Hello, I met the same crash on Windows 2000, but it's the new GtkFileChooser, not the old one. I'm not sure if it's the same problem. The VC debugger shows the call stack: ... MSVCRT! 7800bec3() MSVCRT! 78006955() LIBGLIB-2.0-0! 002d046a() LIBGLIB-2.0-0! 002cdbed() LIBGLIB-2.0-0! 002fb054() gtk_file_info_get_display_key(const _GtkFileInfo * 0x00db7f50) line 137 + 8 bytes name_sort_func(_GtkTreeModel * 0x101793f5, _GtkTreeIter * 0x00db7f88, _GtkTreeIter * 0x0012dcbc, void * 0x0012dcac) line 3842 + 14 bytes gtk_tree_model_sort_compare_func(const void * 0x002d38ec, const void * 0x00d949e0, void * 0x00d94950) line 1557 LIBGLIB-2.0-0! 002d38ec() Debugger shows the call of g_utf8_collate_key (info->display_name, -1); in gtk_file_info_get_display_key(), causes crash. info->display_name is the filename in utf-8. The string caused the crash is a Chinese filename: { 230, 150, 176, 229, 187, 186 }, which seems a valid utf-8 string. The version of GTK+ is 2.4.7, compiled by myself (for debug info), GLib is 2.4.5, download from http://www.gimp.org/win32. Windows 2000 Professional Chinese Edition.
Ohmigod. Look at g_unicode_collate(), in the !__STDC_ISO_10636 ifdef branch: gchar *str_locale = g_convert (str_norm, -1, "UTF-8", charset, NULL, NULL, NULL); str_norm is in UTF-8, and the code attempts to convert it to the "charset" character set. But the source and destination character set parameters are in the wrong order. This presumably causes all kinds of interesting stuff to happen. It also explains bug #150394. As such it probably is not enough to directly cause the crash, though. That we presumably can thank Microsoft's implementation of strxfrm() for, which returns INT_MAX on errors, causing g_malloc to be called with INT_MAX+2 == 2147483649.
That particular line is in g_unicode_collate_key() (which the backtrace in this bug indicated), but g_unicode_collate() has two similar lines with the same error.
Created attachment 30766 [details] [review] Suggested patch I still can't reproduce the crash, but anyway, it probably is a good idea to guard against bogus return values from strxfrm(). Deciding what return values are bogus is of course debatable. Negative or >= INT_MAX-2 sure are.
Great! After applied the patch gtk_file_selection works fine on my Simplified Chinese windows XP now!
The key to reproduce this crash seems to be: Control Panel->Regional Options->General->Your locale (location) It crashes only with locale Chinese (PRC), and works just fine with English (United States). In this way I can reproduce it even on an English Edition of Win2000.
Sorry, not even that way can I reproduce a crash. At least not with testgtk's file selector, or testfilechooser, browsing a directory with the file names given in comment #21 above. (English edition of Win2k here, too.) (I would have thought that the crash is related to what the system codepage is.
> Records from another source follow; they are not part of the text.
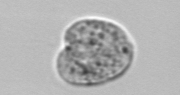
Label: Amoeba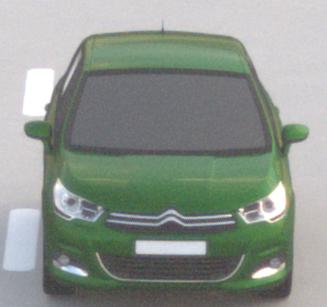
Make: Citroen
Model: C4 VTi 95
Detailed model: C4 (II)
Model produced from: 2012/08
Model produced until: 2013/06
Doors: 5
Color: green
Road condition: dry road
Daytime: sunrise or sunset
Contrast: low contrast

Changing the locale in the Regional Options doesn't change the system codepage. I think I have read that the system codepage is "hardcoded" for each Windows edition, or at least changing it would require a reboot.)
Patch applied to HEAD and glib-2-4. Together with the fix for bug #150394, this bug probably is fixed, resolving. Will open separate bug reports for the cases in GLib and GTK where strchr() or strrchr() are used to search for backslashes in strings that represent filenames in the system codepage. (One should use _mbschr() or _mbsrchr() instead on Windows in these cases.)